# First time cutting since June



## Frantz (Feb 18, 2018)

Got to cut some mulch hay yesterday that has been waiting since June! All was well until I found a previous owners clay pigeon launcher with my mower. Only bent a few teeth, but it zapped the day by the time I got everything back together. I get so torn between buying redundant equipment for what I already have so I can keep going and getting some of the other equipment I feel would help my operation out.


----------



## Palmettokat (Jul 10, 2017)

Was this your first time across the field? My first full year of baling and tree limbs concern me. Try to keep eye out for them as I spray the grass. Last baling tooth from rake broke, it was not picked up by baler and was found on the ground. To me that would not have been good for the (square) baler. So much I have no idea on.


----------



## JD3430 (Jan 1, 2012)

I just got started 2nd cutting and broke 2 disc mower blades and lost 2 shear pins on Saturday afternoon. Dealer left parts outside the door after hours. Old or new, it breaks. That will never stop happening.


----------



## Frantz (Feb 18, 2018)

I'm still on my first cutting for two fields. The one I knew to be mulch, the other I was hoping to get some good Timothy out of. Both were offered to me in late June and due to the weather and my work schedule and repairs I haven't had a single period where cutting would work. I have off on Wednesdays and Sundays, which works out well for drying hay... but soooo much rain this summer here in PA.

The repairs are what I'd like to eliminate with redundancy. I bought my 1494 last year and finally started to get to work on it (PTO doesn't work is the big issue). My Farmall 460 has been a great runner for me. I really need another haybine or discbine. I pay my father in law to round bale for me, and would like to get my own round baler so he can be my backup rather than main go to... as I have to work around his schedule too. Ah well, each year I get things more in line.


----------



## Hayjosh (Mar 24, 2016)

I only start a new field in the spring, when I have a chance to walk through and around the entire field while the grass is short to scope it out. Not that I'm starting a lot of new fields, but it's not worth it to me to mow it if I don't know what's in there.


----------



## glasswrongsize (Sep 15, 2015)

Hayjosh said:


> I only start a new field in the spring, when I have a chance to walk through and around the entire field while the grass is short to scope it out. Not that I'm starting a lot of new fields, but it's not worth it to me to mow it if I don't know what's in there.


 pretty good plan but not 100 percent idiot-proof, (but noting is). I have been cutting a specific field for @5 years...no problems. Last year, first cut; hit a tomato cage built from a cattle panel. Didn't do much good for my sickle conditioner. That was the beginning-of-the-end of me doing his field.

Mark

...made mad enough to poop in my hands and rub it in my hair!!!!


----------



## Aaroncboo (Sep 21, 2014)

A neighbor here takes his zero turn and mows a path around his fields just to kind of open them up. I guess it also let's him outline them and check for limbs... On a side note I was mowing a field and broke two sickles off hitting a coconut of all things... In illinois... A FREAKING COCONUT!!! I was upset at the down time but impressed at the same time.


----------



## r82230 (Mar 1, 2016)

glasswrongsize said:


> ...made mad enough to poop in my hands and rub it in my hair!!!!


Natural hair color, or only your hair dresser know?   

Larry


----------



## Dr Dean (Nov 4, 2013)

I run a disc mower normally but for new fields, ditch banks and questionable areas I keep an old sickle mower running. The sickle bar is a lot cheaper to fix so it gets the ugly stuff.


----------



## Frantz (Feb 18, 2018)

Yes, I'll be keeping the old 469 even if I get the upgrade. It'll do well for my custom garbage cutting niche I have!


----------



## glasswrongsize (Sep 15, 2015)

I'm all about redundant equipment as money and upgrades allow.

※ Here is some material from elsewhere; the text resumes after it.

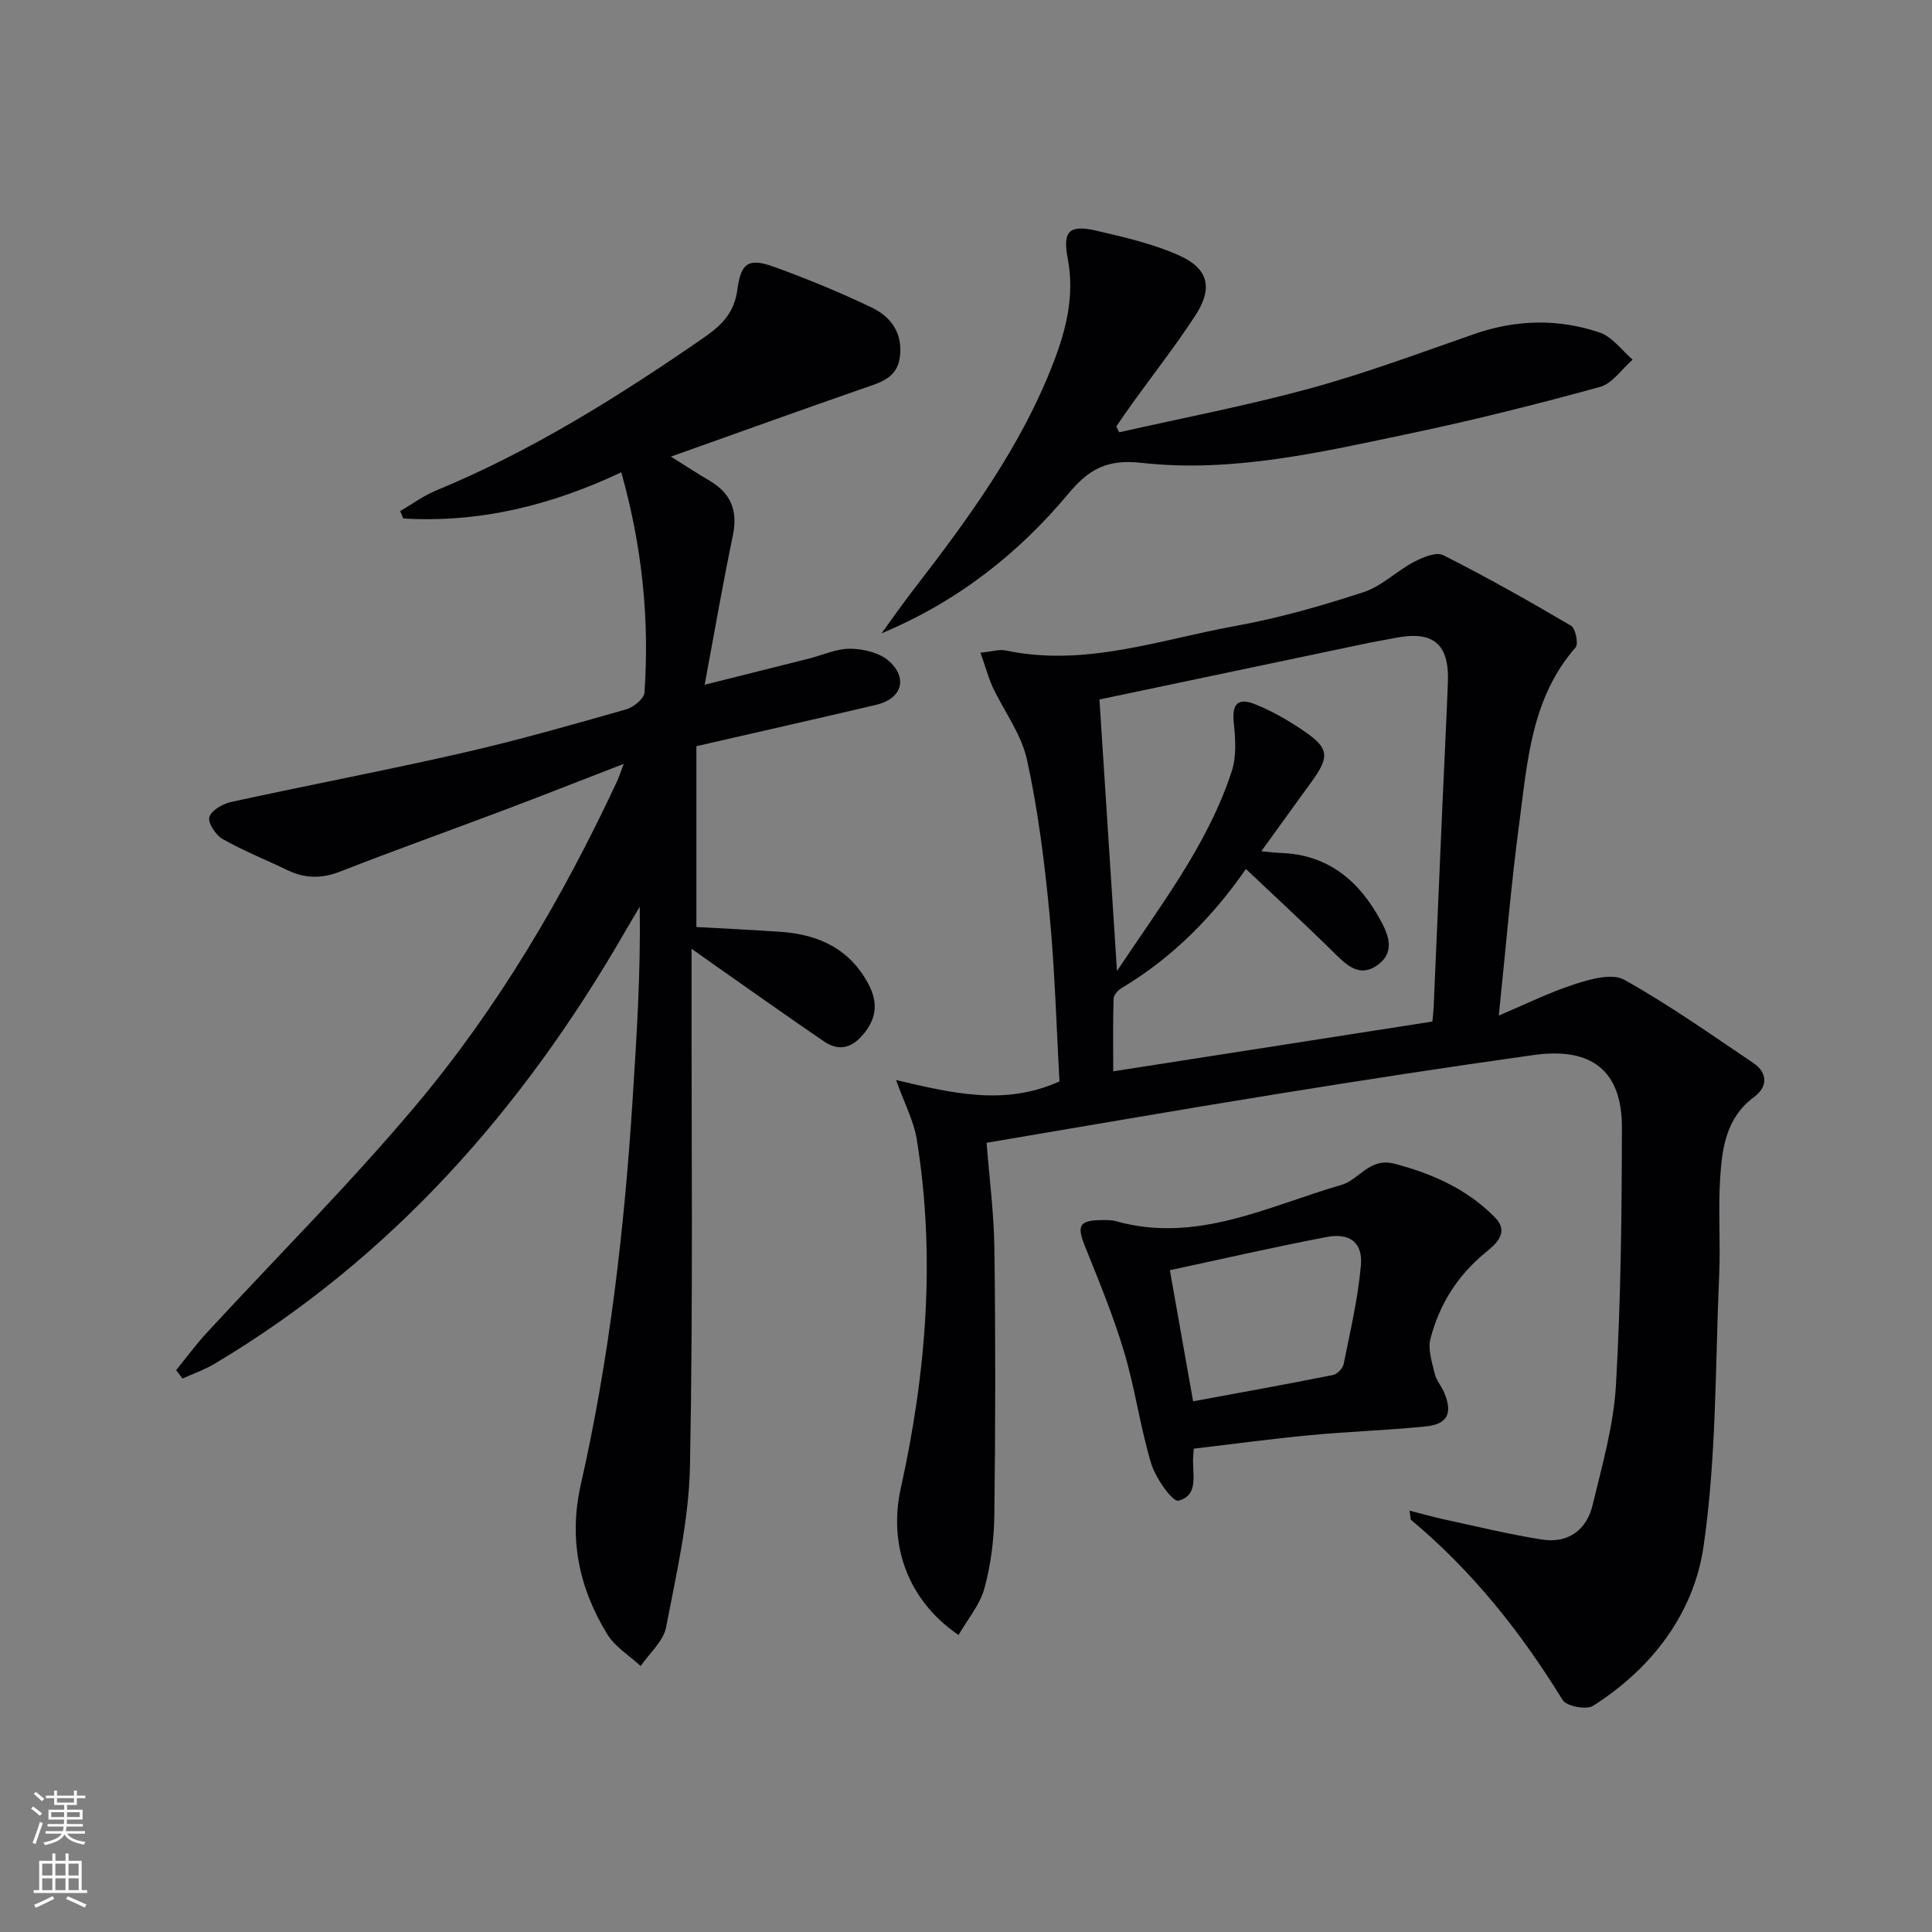 <svg enable-background="new 0 0 400 400" viewBox="0 0 400 400" xmlns="http://www.w3.org/2000/svg"><rect x="0" y="0" width="400" height="400" fill="#808080" stroke="none"/><g fill="#010103"><path d="m202.99 135.13c2.59-.26 3.97-.73 5.18-.47 16.44 3.5 31.94-2.23 47.67-5.07 8.95-1.62 17.78-4.16 26.44-6.98 3.76-1.22 6.85-4.37 10.44-6.26 1.83-.96 4.63-2.15 6.08-1.41 8.99 4.54 17.78 9.49 26.46 14.61.94.55 1.59 3.76.95 4.49-9.19 10.49-9.97 23.66-11.67 36.43-1.72 12.95-2.79 25.98-4.23 39.79 5.32-2.25 10.46-4.8 15.85-6.54 3.21-1.04 7.65-2.26 10.13-.87 9.23 5.16 17.91 11.3 26.7 17.22 3.05 2.05 3.01 4.95.2 7.03-5.81 4.28-6.65 10.55-7.05 16.84-.42 6.64.09 13.33-.2 19.98-.82 18.76-.55 37.7-3.23 56.2-2 13.87-10.67 25.31-22.9 33.06-1.37.87-5.49.08-6.28-1.2-8.61-14.01-18.69-26.71-31.36-37.28-.19-.15-.12-.61-.34-1.94 2.59.66 4.81 1.3 7.05 1.79 6.79 1.46 13.55 3.13 20.4 4.2 5.34.83 9.19-1.94 10.44-7.1 1.97-8.2 4.36-16.48 4.84-24.83 1.03-17.76 1.21-35.59 1.24-53.39.02-11.69-6.2-16.69-18.26-15-17.74 2.48-35.45 5.21-53.14 8.07-20.29 3.27-40.54 6.8-60.14 10.1.56 7.18 1.53 14.58 1.62 21.99.24 18.32.22 36.65-.01 54.98-.06 5.1-.71 10.32-2.04 15.23-.93 3.44-3.49 6.44-5.37 9.71-10.7-7.29-14.51-18.84-11.97-30.35 5.28-23.85 7.24-47.96 3.32-72.25-.62-3.84-2.56-7.46-4.29-12.3 11.51 2.69 22.46 5.43 33.84.28-.64-11.22-.95-22.97-2.07-34.65-1.02-10.7-2.37-21.45-4.66-31.93-1.16-5.33-4.79-10.1-7.17-15.19-.89-2.03-1.47-4.19-2.47-6.99zm54.96 44.78c-6.64 9.61-15.03 18.27-25.66 24.61-.77.46-1.71 1.44-1.73 2.2-.16 4.9-.08 9.81-.08 15.09 22.56-3.52 44.29-6.91 66.08-10.31.12-1.29.22-2.09.26-2.91.6-13.62 1.18-27.24 1.77-40.85.39-8.8.83-17.6 1.18-26.4.32-8.09-3.05-10.86-11.08-9.23-1.79.36-3.59.64-5.38 1.01-18.89 3.96-37.77 7.93-55.68 11.7 1.19 18.46 2.39 36.92 3.63 56.21 9.06-13.64 18.78-26.14 23.76-41.34 1.02-3.11.76-6.81.41-10.16-.37-3.61.75-5.15 4.28-3.78 3.51 1.37 6.87 3.32 10.01 5.43 5.53 3.73 5.66 5.42 1.68 10.88-3.27 4.49-6.51 9-10.26 14.18 2.02.18 2.96.32 3.91.35 10.13.31 16.61 6.01 21.06 14.48 1.49 2.84 2.53 6.1-.68 8.57-3.38 2.6-5.96.85-8.59-1.75-6.14-6.08-12.51-11.94-18.89-17.98z"/><path d="m129.14 158.15c-9.06 3.5-17.03 6.65-25.04 9.67-11.19 4.22-22.47 8.24-33.6 12.6-3.84 1.51-7.3 1.5-10.93-.24-4.48-2.16-9.12-4-13.43-6.44-1.44-.81-3.12-3.3-2.8-4.54.36-1.37 2.74-2.77 4.46-3.15 16.04-3.5 32.18-6.56 48.18-10.22 11.32-2.58 22.5-5.79 33.68-8.97 1.51-.43 3.68-2.2 3.77-3.47 1.07-15.35-.53-30.45-4.8-45.6-14.54 6.85-29.4 10.51-45.14 9.55-.21-.51-.43-1.01-.64-1.52 2.47-1.44 4.81-3.18 7.43-4.26 19.79-8.18 37.78-19.46 55.33-31.58 3.72-2.57 6.42-5.15 7.06-10.04.74-5.66 2.42-6.57 7.68-4.66 6.83 2.48 13.59 5.26 20.14 8.4 3.93 1.88 6.42 5.24 5.84 10.1-.55 4.58-4.13 5.42-7.66 6.65-13.01 4.52-25.97 9.2-39.78 14.11 3.09 1.92 5.53 3.52 8.03 4.99 4.43 2.61 5.88 6.23 4.81 11.35-2.07 9.88-3.77 19.84-5.84 30.89 7.66-1.92 14.62-3.66 21.57-5.41 2.89-.73 5.79-2.1 8.67-2.05 2.73.05 6.1.87 8.01 2.63 3.91 3.61 2.47 7.76-2.72 8.98-12.09 2.85-24.21 5.58-37.24 8.57v37.44c5.33.3 11.37.57 17.41.99 7.94.55 14.43 3.56 18.29 10.98 1.79 3.44 1.67 6.61-.75 9.75-2.35 3.07-5.12 4.28-8.51 1.98-7.41-5.05-14.72-10.25-22.07-15.4-1.47-1.03-2.93-2.07-5.37-3.8v6.12c-.04 33.66.33 67.33-.33 100.98-.22 11.17-2.82 22.34-4.95 33.39-.56 2.9-3.45 5.36-5.26 8.02-2.34-2.18-5.31-3.97-6.92-6.6-5.84-9.53-8.01-19.77-5.47-30.98 5.96-26.31 9.03-53.03 10.74-79.92.84-13.1 1.67-26.2 1.46-39.71-1.09 1.84-2.18 3.67-3.25 5.52-21.1 36.5-48.2 67.29-84.75 89.09-2.09 1.25-4.44 2.06-6.67 3.07-.44-.58-.87-1.16-1.31-1.74 2.1-2.58 4.08-5.28 6.33-7.72 14.43-15.66 29.54-30.73 43.23-47.01 17.09-20.32 30.52-43.17 41.76-67.25.32-.7.55-1.44 1.35-3.54z"/><path d="m231.72 89.5c13.22-2.99 26.56-5.53 39.62-9.11 11.49-3.14 22.71-7.35 33.98-11.26 8.64-3 17.33-3.17 25.88-.28 2.61.88 4.57 3.69 6.82 5.61-2.24 1.94-4.19 4.95-6.77 5.65-12.95 3.56-25.99 6.84-39.13 9.6-18.38 3.86-36.88 8.23-55.76 6.12-7.17-.8-10.91 1.29-15.17 6.39-10.42 12.48-23.06 22.39-38.67 28.9 2.15-2.95 4.23-5.95 6.46-8.84 11.41-14.77 22.46-29.79 29.2-47.41 2.62-6.85 4.33-13.84 2.87-21.41-1.09-5.67.39-6.98 5.93-5.7 5.78 1.34 11.69 2.7 17.07 5.09 6.17 2.74 7.13 6.78 3.45 12.44-4.07 6.26-8.7 12.16-13.06 18.22-1.14 1.58-2.22 3.19-3.33 4.79.21.41.41.81.61 1.2z"/><path d="m247.15 299.93c-.08 1.15-.09 1.32-.1 1.48-.32 3.45 1.39 8.14-3.07 9.29-1.2.31-4.7-4.64-5.62-7.64-2.3-7.58-3.34-15.53-5.61-23.12-2.22-7.43-5.2-14.65-8.1-21.86-1.74-4.33-1.24-5.42 3.39-5.47.99-.01 2.04-.05 2.98.22 16.72 4.7 31.44-3.09 46.68-7.5 3.76-1.09 5.83-5.75 10.98-4.4 7.9 2.07 15.06 5.26 20.8 11.08 3.15 3.19.16 5.61-2.01 7.39-5.76 4.73-9.48 10.73-11.31 17.78-.57 2.19.32 4.85.88 7.21.33 1.41 1.42 2.62 1.99 4 1.75 4.2.69 6.47-3.81 6.93-7.92.81-15.89 1.05-23.82 1.8-8.05.76-16.08 1.85-24.25 2.81zm-.13-9.8c9.82-1.82 19.41-3.54 28.96-5.45.88-.17 2.03-1.38 2.21-2.27 1.36-6.78 2.97-13.57 3.57-20.44.41-4.69-2.28-6.76-7.02-5.87-10.81 2.05-21.54 4.53-32.53 6.88 1.57 8.85 3.13 17.65 4.81 27.15z"/></g><path d="m6.44 374.46.42-.45c.65.47 1.27.95 1.85 1.44l-.45.49c-.65-.56-1.25-1.06-1.82-1.48m.93 7.33-.63-.26c.55-1.36 1.05-2.8 1.53-4.33.19.1.38.19.59.27-.47 1.29-.96 2.73-1.49 4.32m-.38-10.38.44-.42c.43.34 1.01.82 1.74 1.44l-.49.49c-.53-.51-1.09-1.01-1.69-1.51m2.5.35h1.72v-1.04h.59v1.04h3.52v-1.04h.59v1.04h1.75v.53h-1.75v1.42h-2.03v.97h3.22v2.03h-3.24c0 .35-.01.66-.03.93h3.32v.53h-3.37c-.03.27-.08.58-.15.94h3.96v.53h-3.71c.67.92 1.93 1.48 3.79 1.68-.13.24-.23.44-.29.59-2.13-.38-3.48-1.08-4.04-2.12-.43.97-1.77 1.72-4.03 2.23-.09-.19-.2-.37-.33-.55 2.1-.42 3.37-1.03 3.81-1.83h-3.36v-.53h3.58c.08-.29.13-.61.16-.94h-3.33v-.53h3.39c.02-.27.04-.58.04-.93h-3.23v-2.03h3.25v-.97h-2.07v-1.42h-1.73zm1.12 3.44v1h2.65c.01-.3.02-.44.01-.4v-.25-.35zm1.19-2h3.52v-.91h-3.52zm4.71 2h-2.63v.59c0 .15-.01.28-.01.4h2.64z" fill="#fbfcfa"/><path d="m13.56 383.74h.63v1.52h2.72v6.07h1.13v.6h-11.06v-.6h1.13v-6.07h2.73v-1.52h.63v1.52h2.1v-1.52zm-2.69 8.83.38.56c-1.24.63-2.53 1.25-3.85 1.85-.1-.21-.21-.42-.34-.63 1.37-.55 2.63-1.15 3.81-1.78m-2.13-4.27h2.1v-2.45h-2.1zm0 3.04h2.1v-2.46h-2.1zm2.72-3.04h2.1v-2.45h-2.1zm0 3.04h2.1v-2.46h-2.1zm6.07 3.6c-1.41-.71-2.7-1.3-3.86-1.78l.35-.56c1.45.62 2.75 1.19 3.88 1.72zm-1.25-9.09h-2.1v2.45h2.1zm-2.09 5.49h2.1v-2.46h-2.1z" fill="#fbfcfa"/></svg>

I started out with a NH56 rake and upgraded/added a 258 rake to the mix. The 55 has never let me down, but the 258 has before and I still had the 55 to fall back on.

Have a 10-wheel (homemade) V-rake; I used it regular, but didn't like it (I screwed the pooch on the mechanics of it and it didn't fold up high enough). It serviced until I came across a Vermeer WR20 8 wheel rake for $700...now the homemade one is the backup.

I started out with a Gehl 880 (paid $500) sickle conditioner and added a Gehl 1062 disc mower. Either was a "backup" as I used either depending on the crop. I upgraded to a New Idea 5209 disc conditioner; then I sold the Gehl 880 for almost1/2 what I paid for the 5209 (which was $2100). That left me with a disc mower and a disc conditioner. Fast forward to this past Saturday, the 5209 shucked a gearbox about a round and a half into the first field; after only ½ hour of down-time, I was back to going with another tractor and the Gehl 1062 disc mower. Admittedly, I lost the conditioning, but I got the mowing done and on its way to drying in a short window that I had.

I run a NH 269 as my square baler and my uncle has a "community" backup baler; it's an old IH47 (IIRC). I keep it going and I can go get it if I need it. I also have a round baler that is also an insurance policy against my square baler. TODAY, I ran across a "barn find" of a NH 276 baler that hadn't been used in years. The dang yaller warning stickers are all still bright and in-tact. I tried to talk the seller down from his price, but I finally gave in and paid the full-asking price of $700. Hopefully, it will move the 269 to the backup position as it's getting a little long-in-the-tooth.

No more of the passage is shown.